La pièce, sombre et sans fenêtre, respirait autant la sorcellerie qu’il était possible et disposait de trois issues supplémentaires. L’unique clarté provenait d’un brasero installé tout au fond, les braises ardentes émettaient une lueur rougeâtre vaporeuse et un écœurant relent douceâtre. Des pots et des bocaux étaient éparpillés dans la pièce, des fagots de brindilles, d’herbes et de fleurs séchées se balançaient aux poutres graisseuses, jetant des ombres étranges dans les coins, évoquant des silhouettes de pendus.
Une femme, de dos, se tenait devant le brasero. Ses longs bras blancs gainés d’une pellicule de sueur luisante étaient grands ouverts. De l’or étincelait à ses poignets minces, ses cheveux noirs étaient répandus sur ses épaules. Le Renifleur n’avait pas besoin de pénétrer le sens des mots qu’elle psalmodiait pour comprendre qu’elle s’appliquait à une tâche malfaisante.

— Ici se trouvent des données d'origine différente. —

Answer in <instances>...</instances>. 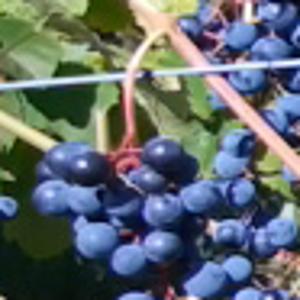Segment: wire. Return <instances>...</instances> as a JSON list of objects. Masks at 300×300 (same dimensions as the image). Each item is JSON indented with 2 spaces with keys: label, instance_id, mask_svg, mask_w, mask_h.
<instances>
[{
  "label": "wire",
  "instance_id": "obj_1",
  "mask_svg": "<svg viewBox=\"0 0 300 300\" xmlns=\"http://www.w3.org/2000/svg\"><path fill=\"white\" fill-rule=\"evenodd\" d=\"M287 67H300V59L222 63V64L146 69V70H140L138 72H135V75L137 79H139V78L207 73V72H223V71H239V70H252V69H264V68H287Z\"/></svg>",
  "mask_w": 300,
  "mask_h": 300
},
{
  "label": "wire",
  "instance_id": "obj_2",
  "mask_svg": "<svg viewBox=\"0 0 300 300\" xmlns=\"http://www.w3.org/2000/svg\"><path fill=\"white\" fill-rule=\"evenodd\" d=\"M124 74L125 72H106V73H99V74H92V75L42 79V80H32V81L1 82L0 91L122 81Z\"/></svg>",
  "mask_w": 300,
  "mask_h": 300
}]
</instances>
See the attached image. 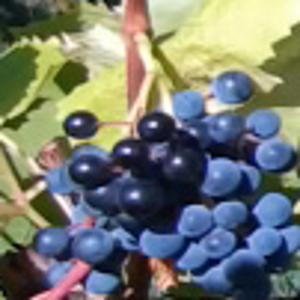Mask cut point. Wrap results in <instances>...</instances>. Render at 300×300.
I'll use <instances>...</instances> for the list:
<instances>
[{"instance_id":"obj_1","label":"cut point","mask_w":300,"mask_h":300,"mask_svg":"<svg viewBox=\"0 0 300 300\" xmlns=\"http://www.w3.org/2000/svg\"><path fill=\"white\" fill-rule=\"evenodd\" d=\"M134 40L138 46L143 61L146 77L144 83L139 90V97L135 105L131 107L128 114L124 118L122 125V135L129 137L131 135L132 125L137 117L145 115V106L147 104V94L157 79L160 91V107L169 116L176 114L175 103L172 101L173 87L169 79V75L162 67L161 62L151 48V38L143 32L134 34Z\"/></svg>"}]
</instances>
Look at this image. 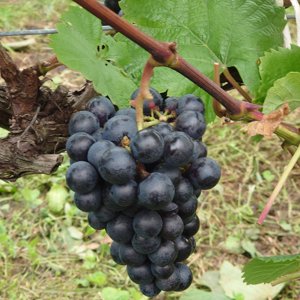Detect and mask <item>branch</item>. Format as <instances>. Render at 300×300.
<instances>
[{
	"instance_id": "2",
	"label": "branch",
	"mask_w": 300,
	"mask_h": 300,
	"mask_svg": "<svg viewBox=\"0 0 300 300\" xmlns=\"http://www.w3.org/2000/svg\"><path fill=\"white\" fill-rule=\"evenodd\" d=\"M274 133L286 143L300 148V132L290 124L281 122L274 130Z\"/></svg>"
},
{
	"instance_id": "1",
	"label": "branch",
	"mask_w": 300,
	"mask_h": 300,
	"mask_svg": "<svg viewBox=\"0 0 300 300\" xmlns=\"http://www.w3.org/2000/svg\"><path fill=\"white\" fill-rule=\"evenodd\" d=\"M72 1L99 18L103 25H109L117 32H120L138 44L156 59L164 62L165 67L179 72L205 93L211 95L213 97L214 111L218 117L230 118L233 122L260 121L263 118V113L258 110L256 104L240 101L230 95L204 73H201L181 57L176 42L163 43L155 40L119 16L116 12L107 8L105 5H100L95 0Z\"/></svg>"
}]
</instances>

Le Sinistre montra son arc, haussant un sourcil interrogateur. Renifleur secoua la tête et sortit son couteau en silence. Il n’était pas évident de la tuer sur le coup d’une flèche et qui sait comment elle pourrait réagir, une fois blessée ? Une longueur d’acier froid dans la gorge ne laissait aucune place à la chance.
Ils se faufilèrent silencieusement dans la pièce. L’atmosphère chaude était aussi épaisse que de l’eau des marais. Renifleur avançait en tâchant de retenir sa respiration, convaincu que cette odeur répugnante ne pourrait que l’asphyxier. Il ne savait pas si c’était lui ou la pièce qui transpirait, en tout cas, sa peau se recouvrit d’humidité en un rien de temps. Il progressait avec prudence, s’efforçant d’éviter les rebuts qui jonchaient le sol, boîtes, bouteilles, ballots divers. Il ajusta la prise de sa main moite autour de la poignée de son arme, les yeux fixés sur un point situé entre les épaules de la sorcière, l’endroit où il s’apprêtait à frapper…

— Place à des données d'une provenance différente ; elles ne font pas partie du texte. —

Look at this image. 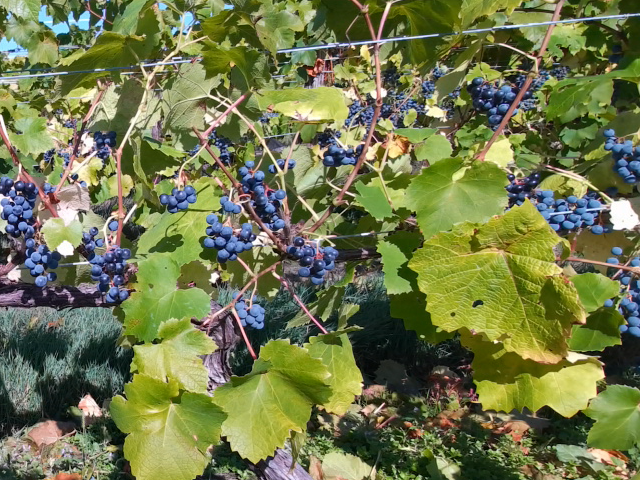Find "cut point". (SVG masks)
Wrapping results in <instances>:
<instances>
[{"instance_id":"cut-point-1","label":"cut point","mask_w":640,"mask_h":480,"mask_svg":"<svg viewBox=\"0 0 640 480\" xmlns=\"http://www.w3.org/2000/svg\"><path fill=\"white\" fill-rule=\"evenodd\" d=\"M374 106H375V103H372V104H369V105H367V106H365V107L361 108L360 110H358V111L354 114V116L352 117L351 122H350V124H349V126H348V128H347V131H350V130H351V128H352V127H353V125H354V121H355V119L360 115V113H362V112H364L365 110H368L369 108L374 107Z\"/></svg>"},{"instance_id":"cut-point-2","label":"cut point","mask_w":640,"mask_h":480,"mask_svg":"<svg viewBox=\"0 0 640 480\" xmlns=\"http://www.w3.org/2000/svg\"><path fill=\"white\" fill-rule=\"evenodd\" d=\"M529 71H525L522 69H509V70H504L503 73L499 76V79H503V77H505L507 74H524V75H528Z\"/></svg>"},{"instance_id":"cut-point-3","label":"cut point","mask_w":640,"mask_h":480,"mask_svg":"<svg viewBox=\"0 0 640 480\" xmlns=\"http://www.w3.org/2000/svg\"><path fill=\"white\" fill-rule=\"evenodd\" d=\"M301 234L315 235V236L319 237V238L316 239V243H319L321 241V239H324L327 243L332 244V240L326 239L324 235L319 234L317 232L301 231Z\"/></svg>"},{"instance_id":"cut-point-4","label":"cut point","mask_w":640,"mask_h":480,"mask_svg":"<svg viewBox=\"0 0 640 480\" xmlns=\"http://www.w3.org/2000/svg\"><path fill=\"white\" fill-rule=\"evenodd\" d=\"M98 106H100V107L103 109V111H104V113H105V115H106V119H107V121H110L109 113H108V111H107V109H106V106H105L102 102H97V104L95 105V108H94V109H93V111L91 112V114H90V116L88 117V119L90 120V119L93 117V115H94V113H95V111H96V109H97V107H98Z\"/></svg>"},{"instance_id":"cut-point-5","label":"cut point","mask_w":640,"mask_h":480,"mask_svg":"<svg viewBox=\"0 0 640 480\" xmlns=\"http://www.w3.org/2000/svg\"><path fill=\"white\" fill-rule=\"evenodd\" d=\"M204 149L203 144L194 152V154L192 155V157L188 158L185 162H183L181 164V167L186 166L188 163H190L191 161H193L195 158L198 157V154L200 151H202Z\"/></svg>"},{"instance_id":"cut-point-6","label":"cut point","mask_w":640,"mask_h":480,"mask_svg":"<svg viewBox=\"0 0 640 480\" xmlns=\"http://www.w3.org/2000/svg\"><path fill=\"white\" fill-rule=\"evenodd\" d=\"M116 217H118V213H116V214H114V215L110 216V217L106 220V222H105V224H104V226H103L104 239H107V232H106V228H107L108 224H109V223H110L114 218H116Z\"/></svg>"},{"instance_id":"cut-point-7","label":"cut point","mask_w":640,"mask_h":480,"mask_svg":"<svg viewBox=\"0 0 640 480\" xmlns=\"http://www.w3.org/2000/svg\"><path fill=\"white\" fill-rule=\"evenodd\" d=\"M42 206H43V202L40 201V204H39V206L37 208V211H36V223H39V213H40V210H41Z\"/></svg>"}]
</instances>

Il heurta une jarre du pied, qui tomba à grand bruit. L’incantation s’arrêta net, la tête de la femme pivota. Elle avait un visage décharné, livide, aussi pâle que celui d’un noyé. Ses petits yeux étaient cernés de peinture noire, ses pupilles bleues, froides comme l’océan.

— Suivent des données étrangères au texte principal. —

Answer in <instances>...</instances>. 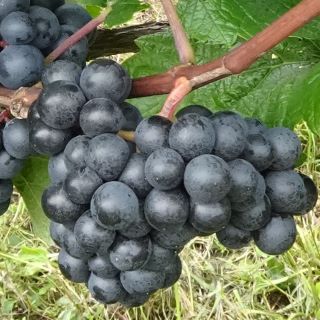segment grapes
<instances>
[{
	"mask_svg": "<svg viewBox=\"0 0 320 320\" xmlns=\"http://www.w3.org/2000/svg\"><path fill=\"white\" fill-rule=\"evenodd\" d=\"M92 19L65 0H0V87L42 82L28 118L0 108V216L10 177L32 152L49 156L41 206L58 265L103 304L143 305L180 277L196 235L268 255L294 245L293 215L316 205L312 179L294 173L302 143L290 129L231 111L187 106L172 123L124 102L133 80L108 58L86 66L97 28L52 63L45 58Z\"/></svg>",
	"mask_w": 320,
	"mask_h": 320,
	"instance_id": "grapes-1",
	"label": "grapes"
}]
</instances>
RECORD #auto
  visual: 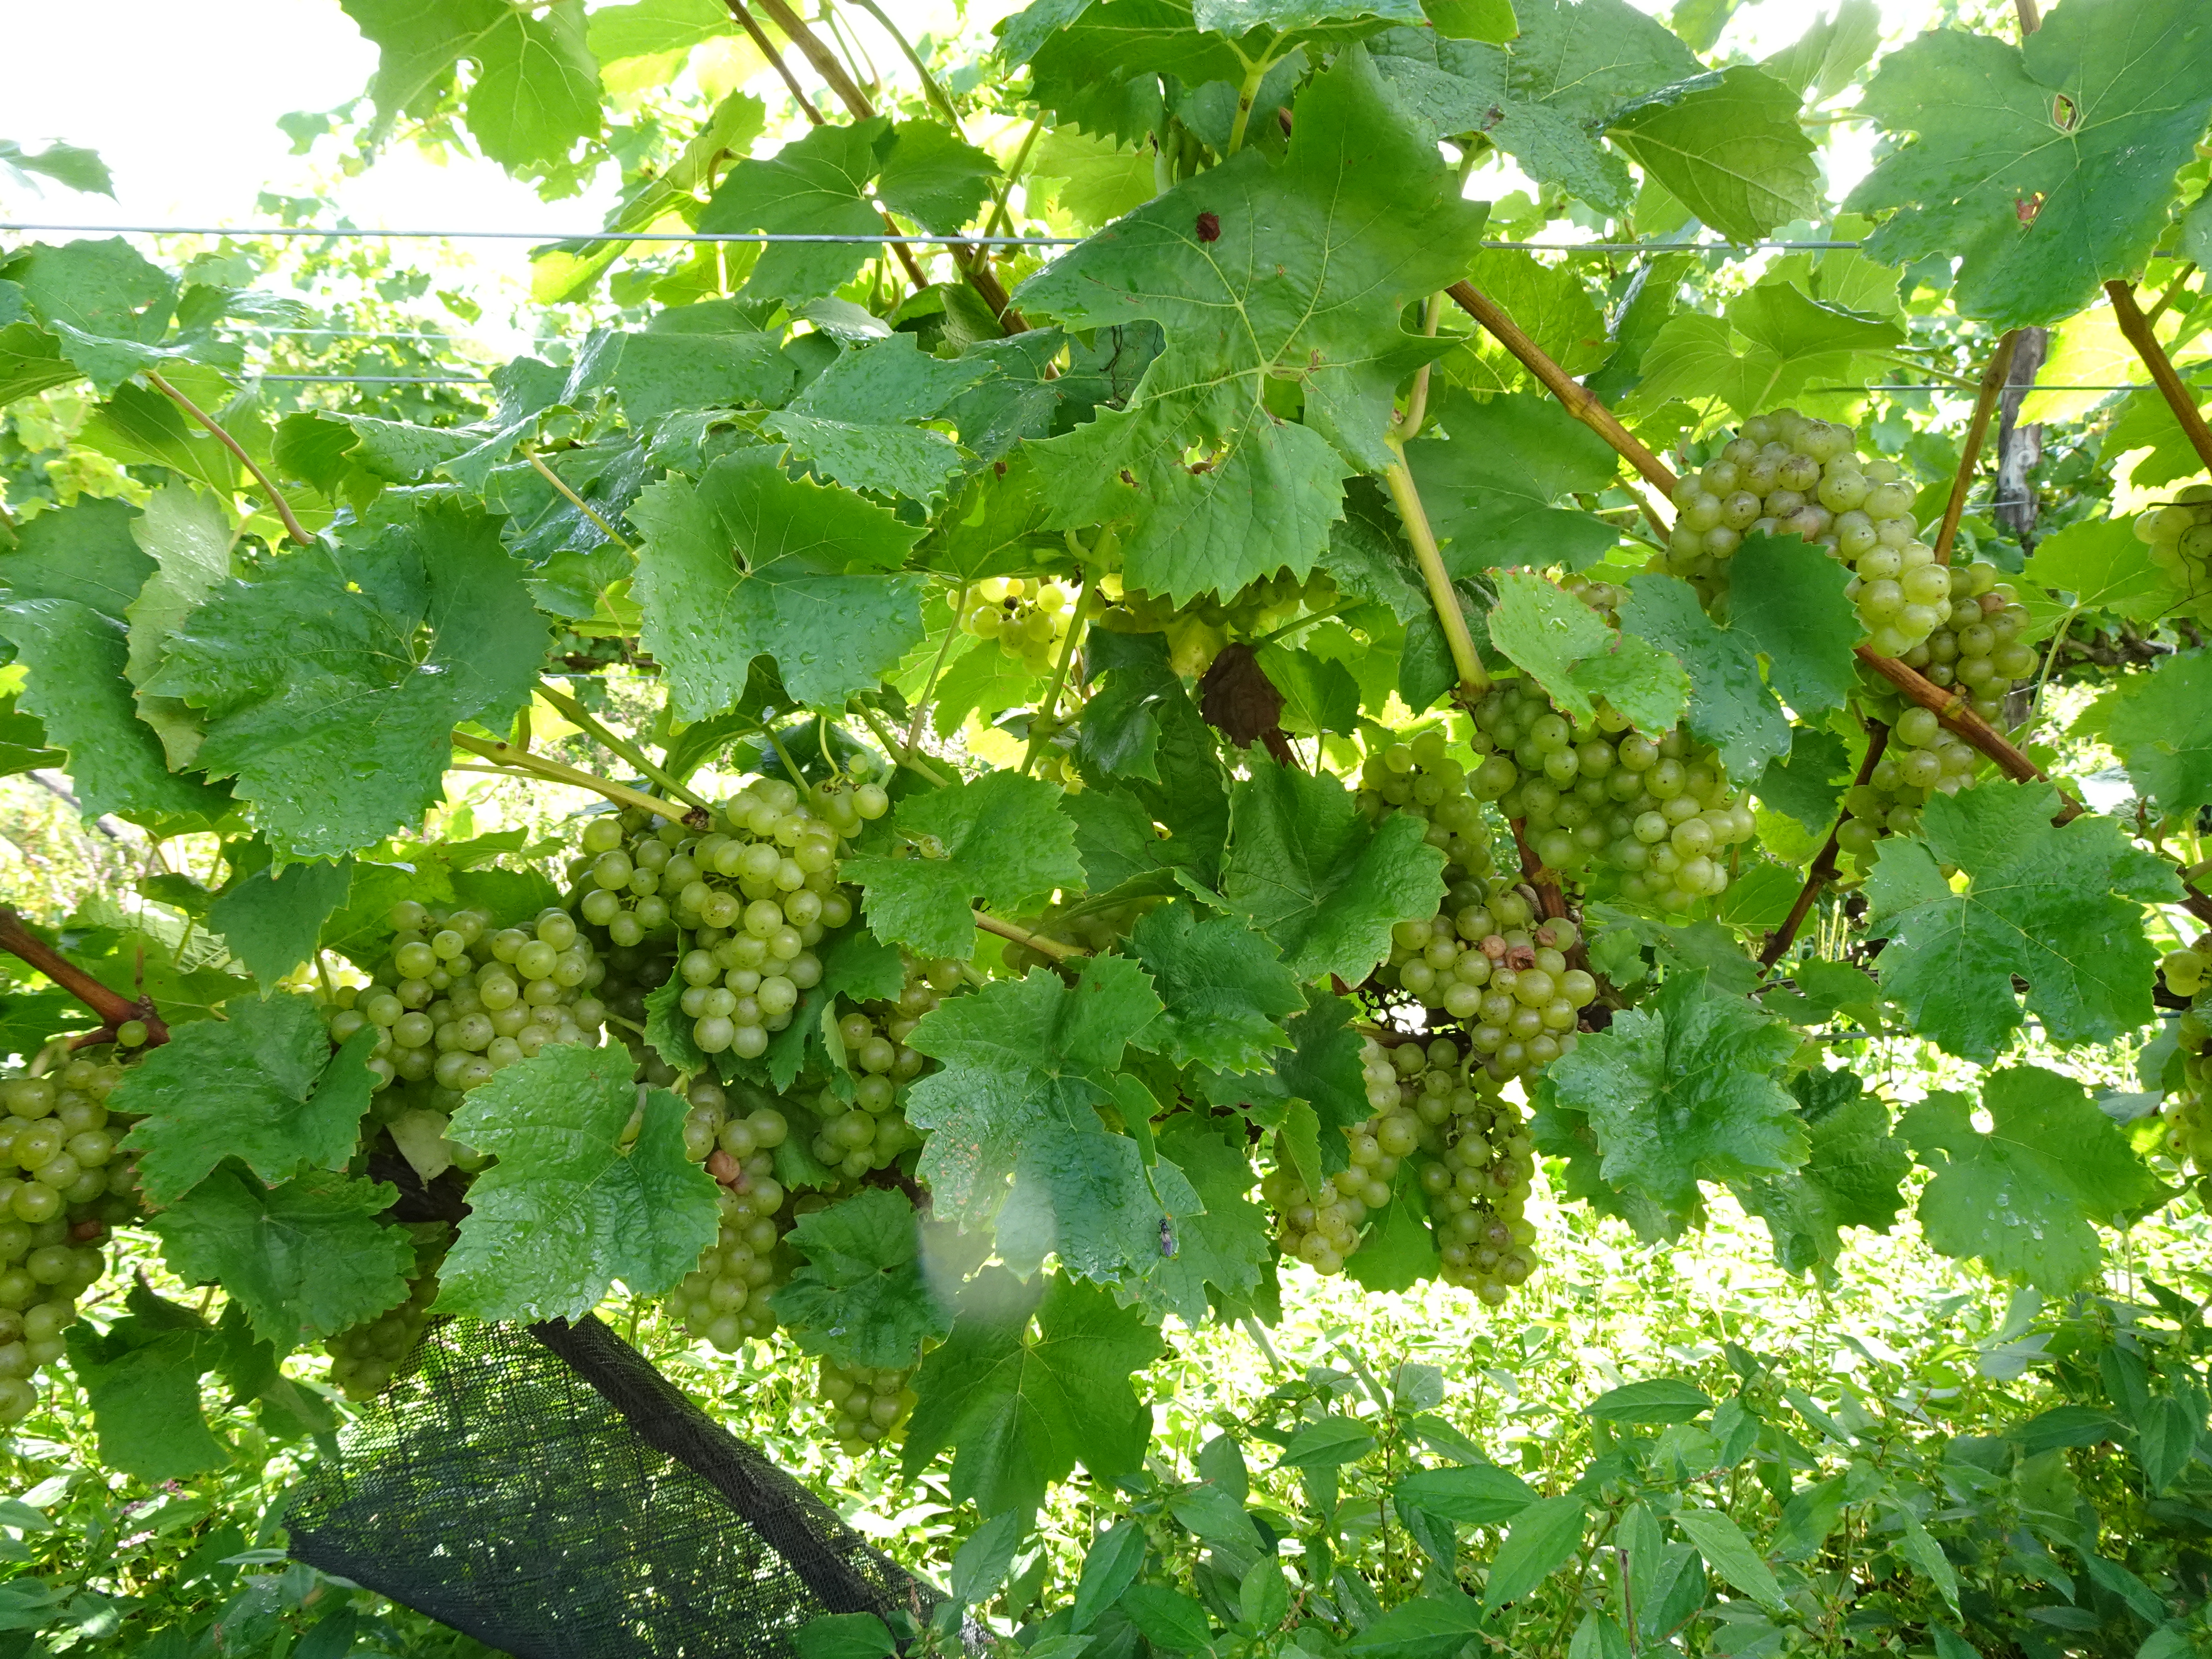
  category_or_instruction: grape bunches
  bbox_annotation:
[2132,484,2211,612]
[567,805,687,947]
[1472,919,1597,1082]
[1385,1039,1538,1306]
[371,901,605,1175]
[310,985,437,1142]
[1350,732,1497,918]
[1034,691,1090,795]
[324,1272,440,1402]
[777,1193,829,1267]
[1860,561,2039,797]
[946,576,1089,677]
[1466,672,1633,874]
[1554,570,1636,633]
[2161,950,2212,1155]
[569,901,682,1087]
[1386,877,1531,1019]
[892,835,943,861]
[665,778,852,1058]
[810,753,888,838]
[1085,572,1206,633]
[1196,574,1334,633]
[1262,1035,1438,1276]
[1605,725,1785,923]
[812,950,964,1178]
[817,1349,910,1458]
[1647,408,1952,658]
[1001,903,1144,989]
[1836,759,1926,879]
[0,1020,158,1424]
[620,1075,788,1353]

Le cercle était silencieux. Les hommes qui formaient le périmètre semblaient figés, leurs traits flasques étaient relâchés tout comme leurs boucliers. Les spectateurs, sur les remparts ou autour de l’arène, semblaient tous figés, aussi immobiles que des morts.
Malgré la folie furieuse de Neuf-Doigts, ses efforts frénétiques pour se dégager, le géant le tenait à sa merci. Les muscles noueux tressaillaient sous la peau bleue, la prise du Redoutable se resserrait, exprimant peu à peu la vie hors de lui. Le goût amer de l’impuissance et de la déception emplissait la bouche de West. Tout ce qu’il avait accompli, toutes ses souffrances, toutes ces existences perdues, pour rien. Bethod s’en sortirait libre.
Puis un grognement animal jaillit de la gorge de Neuf-Doigts. Le Redoutable le maintenait toujours aussi étroitement, mais son bras bleu tremblait sous l’effort. Comme si brusquement, il s’était affaibli et ne pouvait pas serrer plus fort. Le corps de West était tendu comme une corde d’arc. La courroie épaisse du bouclier entama sa paume. Ses mâchoires étaient si crispées qu’il en avait mal aux dents. La moindre fibre des deux combattants, étroitement entrelacés, était engagée dans cet affrontement immobile qui les figeait au centre du cercle.
Le Renifleur bondit en avant, en brandissant son poignard.
« Arrête. »
Il se figea sur place. Il n’avait jamais entendu une voix pareille. Un seul mot avait suffi pour lui vider l’esprit. Il fixait la figure pâle de la femme, bouche bée, osant à peine respirer, espérant qu’elle parle encore.
« Toi aussi. » Cette fois, elle regarda le Sinistre, dont l’expression se détendit. Il la contempla en souriant, son arc à moitié bandé.
Elle toisa Renifleur, puis fit la moue comme s’il l’avait déçue. « Est-ce ainsi que se comportent les invités ? »
Renifleur cilla. Qu’est-ce qui lui était passé par la tête pour faire irruption ici, son couteau à la main ? Il n’arrivait pas à croire qu’il ait pu faire une chose pareille et rougit jusqu’à la racine des cheveux. « Oh… Par les morts… Je suis navré…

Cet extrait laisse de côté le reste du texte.